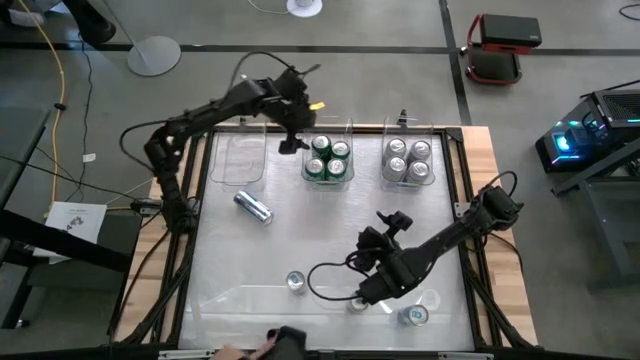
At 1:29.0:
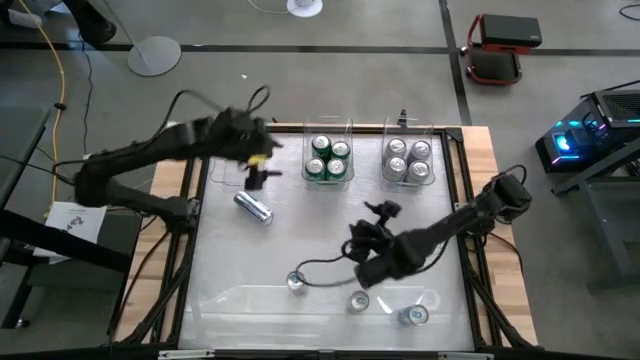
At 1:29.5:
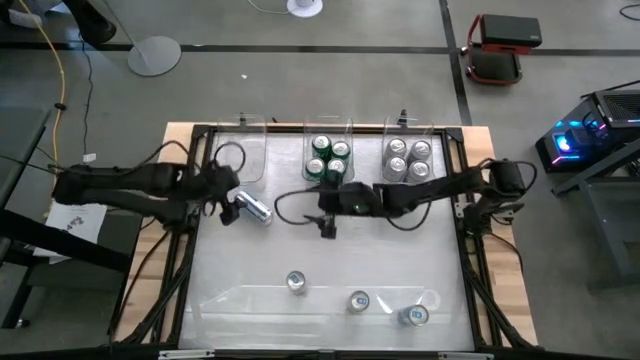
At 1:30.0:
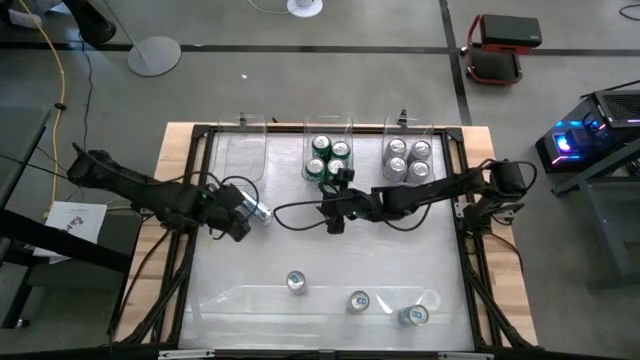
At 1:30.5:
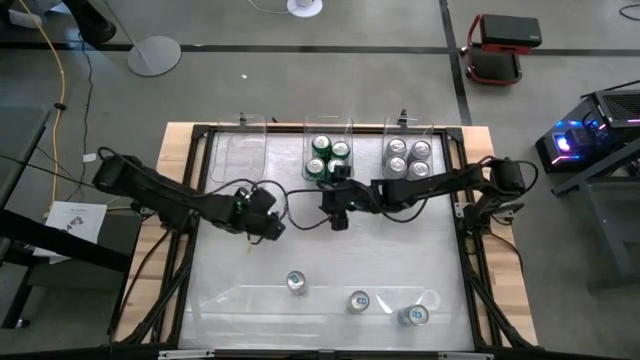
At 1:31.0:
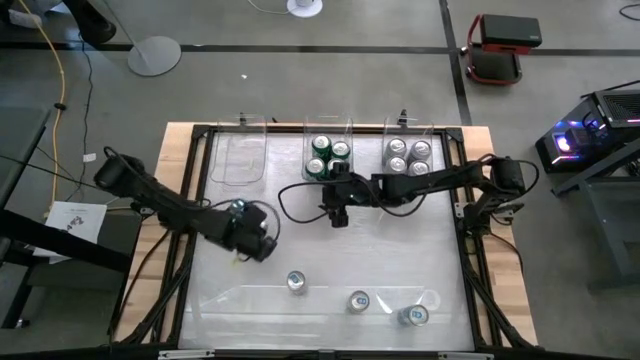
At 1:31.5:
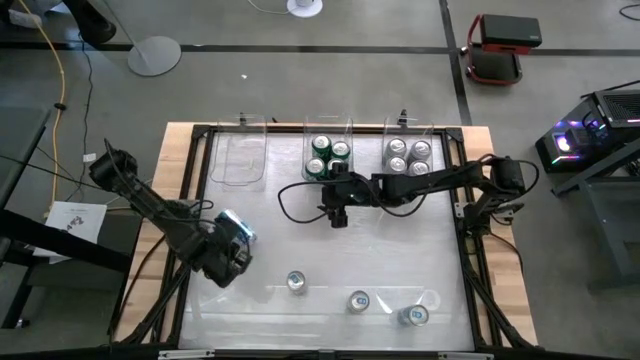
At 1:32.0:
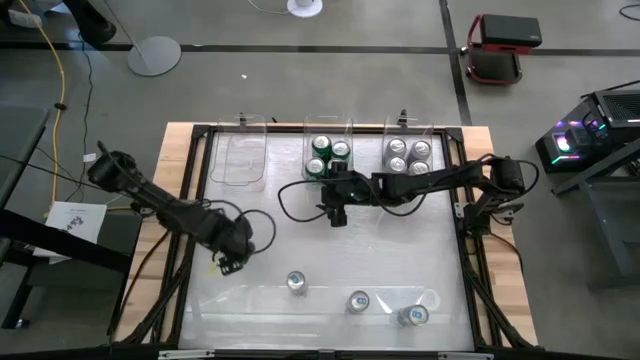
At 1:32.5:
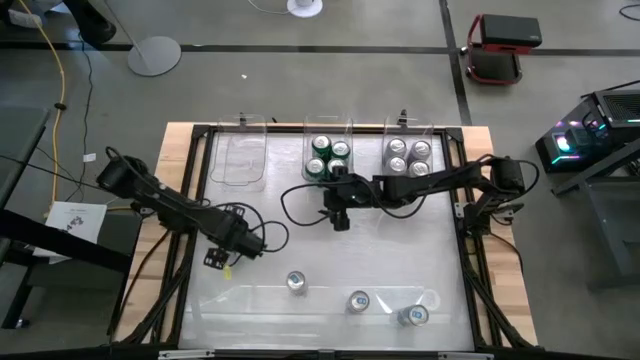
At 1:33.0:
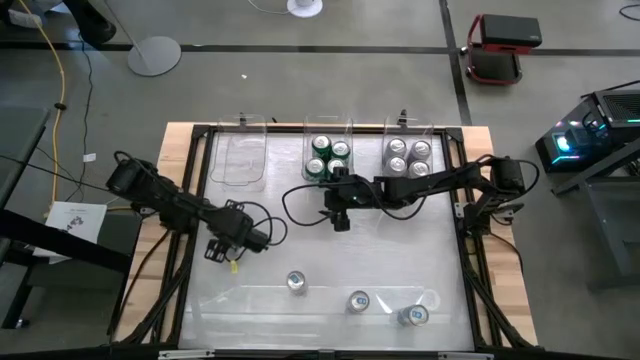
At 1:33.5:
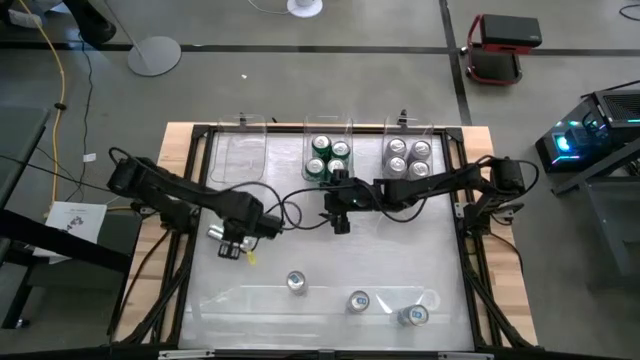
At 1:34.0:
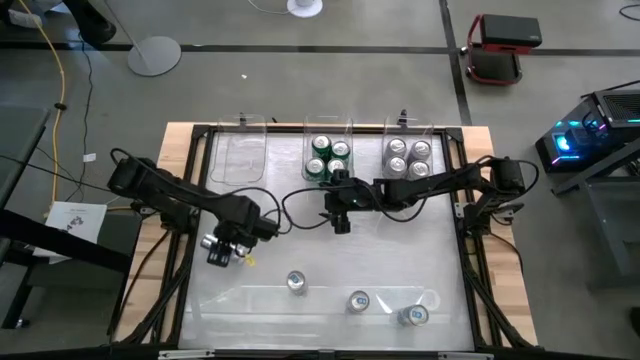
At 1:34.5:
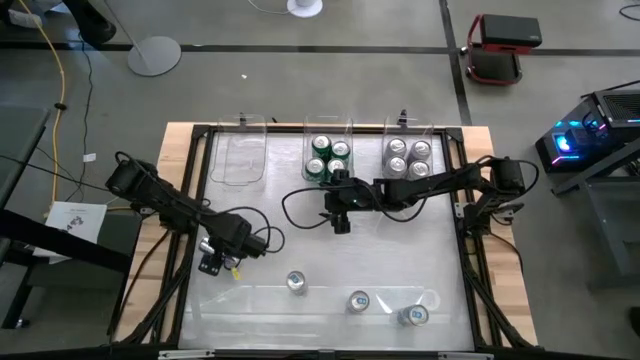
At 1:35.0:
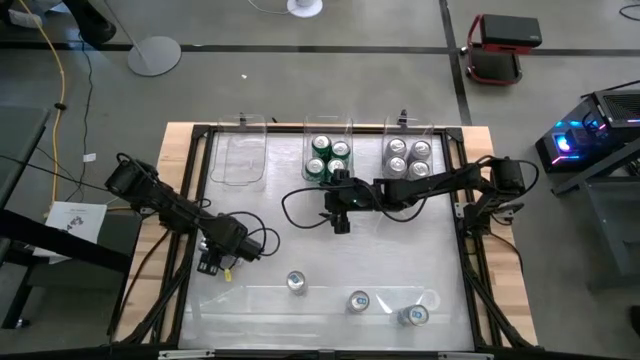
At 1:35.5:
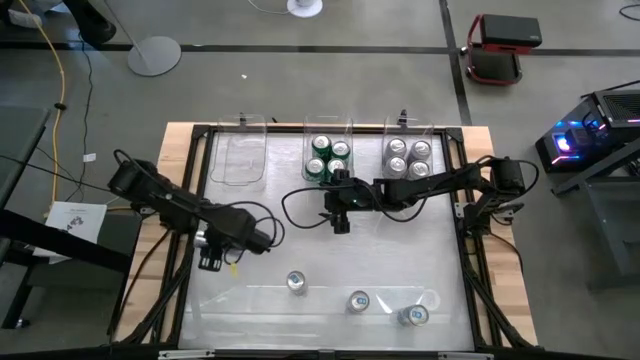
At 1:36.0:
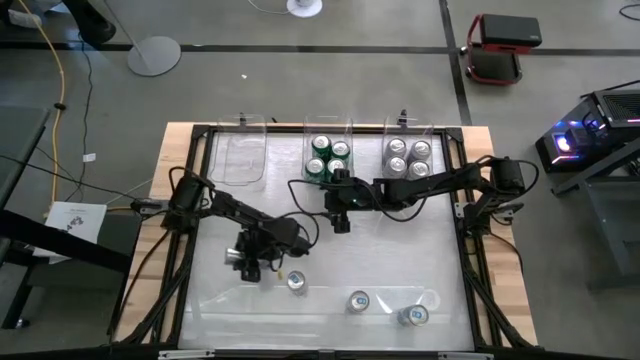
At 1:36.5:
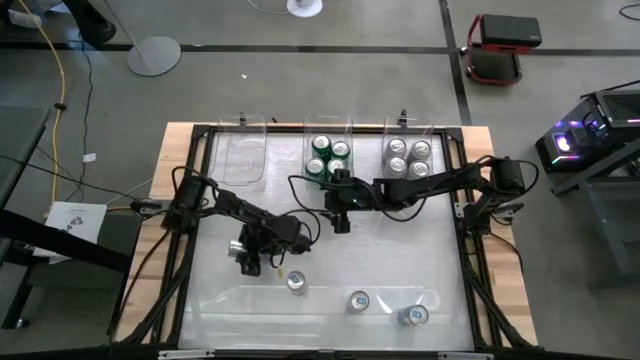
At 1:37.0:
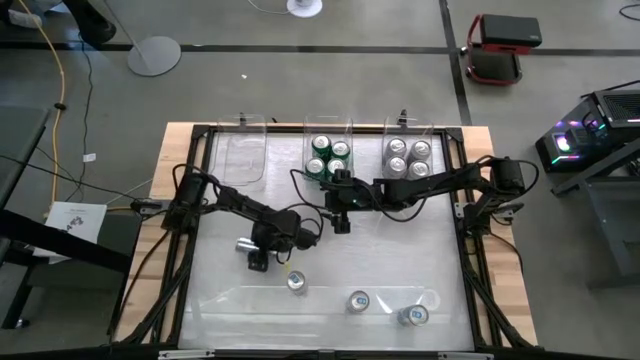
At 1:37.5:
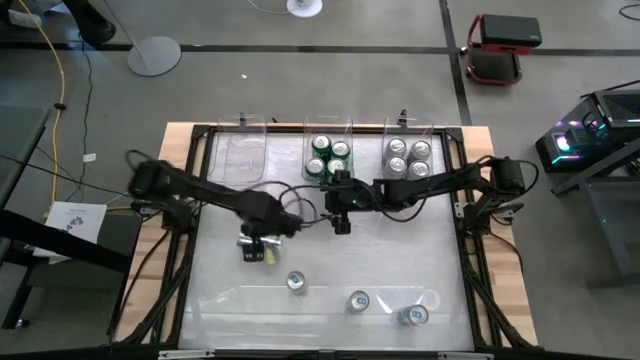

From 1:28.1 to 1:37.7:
Task: Sort soda cans
Put the top left blue can into the left transparent bin

• [Problem statement]: Repeat the material above exactly; pictures do not belong in the copy.

• [Finished task]:
At 1:29.0:
At 1:29.5:
At 1:30.0:
At 1:30.5:
At 1:31.0:
At 1:31.5:
At 1:32.0:
At 1:32.5:
At 1:33.0:
At 1:33.5:
At 1:34.0:
At 1:34.5:
At 1:35.0:
At 1:35.5:
At 1:36.0:
At 1:36.5:
At 1:37.0:
At 1:37.5:

From 1:28.1 to 1:37.7:
Task: Sort soda cans
Put the top left blue can into the left transparent bin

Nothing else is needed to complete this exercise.